With these differences in affordances come differences in the complexity required to implement each model. You can make a map with stone-age technology, and build the orrery in a 17th-century goldsmith's shop, but can really only produce the simulator with 20th-century technology (from chip fabs to FORTRAN compilers).

and he cites Evaluating the World Model Implicit in a Generative Model Keyon Vafa et al (2024)

A world model: On the political logics of generative AI Louise Amoore et al. Political Geography (2024)

...generative AI is shaping and delimiting the political parameters of what can be known and actioned in the world. Contra the promise of a generalizable "world model" in computer science, the article addresses how and why generative AI gives rise to a model of the world, and with it a set of political logics and governing rationalities that have profound and enduring effects on how we live today.

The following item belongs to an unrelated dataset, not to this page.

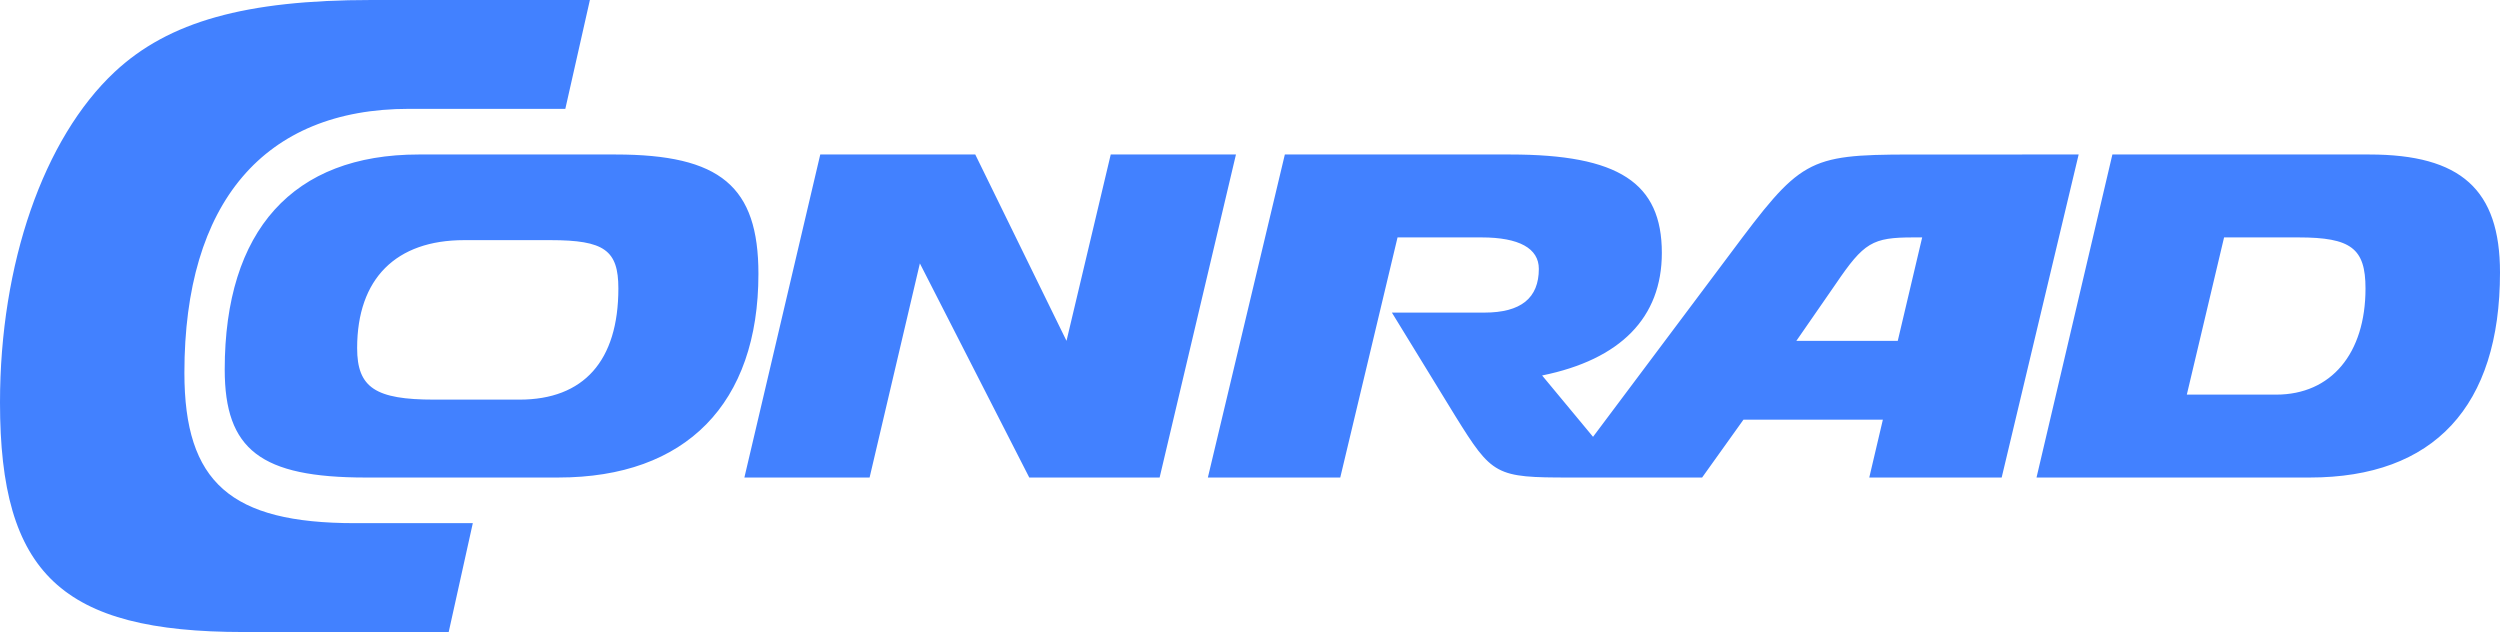 <svg xmlns="http://www.w3.org/2000/svg" xmlns:xlink="http://www.w3.org/1999/xlink" xmlns:serif="http://www.serif.com/" width="100%" height="100%" viewBox="0 0 178 45" xml:space="preserve" style="fill-rule:evenodd;clip-rule:evenodd;stroke-linejoin:round;stroke-miterlimit:2;">    <path d="M42,0L40.251,7.75L29.114,7.75C18.805,7.75 13.129,14.423 13.129,26.541C13.129,34.347 16.419,37.249 25.267,37.249L33.664,37.249L31.947,45L17.34,45C4.386,45 0,40.855 0,28.664C0,18.774 3.103,9.857 8.164,5.121C12.01,1.534 17.474,0 26.448,0L42,0ZM43.827,11C51.299,11 54,13.271 54,19.499C54,28.744 48.831,33.999 39.758,33.999L26.04,34C18.568,34 16,32.021 16,26.311C16,16.384 20.87,11 29.809,11L43.827,11ZM69.439,11L75.935,24.268L79.084,11L88,11L82.565,34L73.284,34L65.495,18.754L61.915,34L53,34L58.403,11L69.439,11ZM107.527,11C115.248,11 118.323,13.011 118.323,18.007C118.323,22.613 115.382,25.598 109.799,26.734L113.424,31.102L123.163,18.105C128.186,11.373 128.622,11.016 135.929,11.001L148,11L142.519,34L133.092,34L134.06,29.881L124.134,29.881L121.19,34L111.772,34C106.49,34 106.256,33.871 103.616,29.62L99.103,22.257L105.689,22.257C108.295,22.257 109.565,21.22 109.565,19.143C109.565,17.683 108.162,16.904 105.487,16.904L99.505,16.904L95.426,34L86,34L91.481,11L107.527,11ZM168.692,11C175.218,11 178,13.498 178,19.402C178,28.939 173.297,34 164.45,34L145,34L150.402,11L168.692,11ZM33.044,17.098C28.208,17.098 25.428,19.823 25.428,24.787C25.428,27.609 26.741,28.453 30.909,28.453L36.99,28.453C41.559,28.453 44.028,25.695 44.028,20.538C44.028,17.812 43.028,17.098 39.192,17.098L33.044,17.098ZM163.653,16.904L158.354,16.904L155.702,28.097L162.065,28.097C165.973,28.097 168.424,25.177 168.424,20.538C168.424,17.683 167.398,16.904 163.653,16.904ZM136.859,16.904L136.224,16.904C133.315,16.904 132.713,17.261 130.707,20.214L127.901,24.268L135.121,24.268L136.859,16.904Z" style="fill:rgb(66,129,255);fill-rule:nonzero;"></path></svg>

...This orientation of AI towards general discovery of "how the world works" and adaptation to new domains and tasks is captured by what LeCun calls a "world model", which would supply "an internal model of how the world works" so that AI becomes "configurable" to each new situation it encounters (2022:2-3). The powerful claim that a flexible, reconfigurable world model could deal with all potential future unencountered situations defines much of the politics of contemporary generative AI. It is a claim that promises a general resolution of difficult problems across technical computational and political paradigms: an AI model that draws upon a structure of "how the world works" in order to respond to an input it had never encountered in training; and a political model that is always capable of action in the face of the unencountered situation. Though the concept of a world model is present in the ambitions of AI designers for a better and more adaptive "fit" to the world, it is also present in the critical concerns of the humanities and social sciences, where it is said, for example, that "GPT3 does not have a model of the world" whereas "every human grows up with a model of the world" (Hayles, 2023, p. 258). In these formulations — spanning the AI proponents' desires and the critics' disquiet —

a model of the world defines something that AI lacks, whether due to its inefficiencies, its absence of embodiment, or its need to incorporate and learn from prior experiences.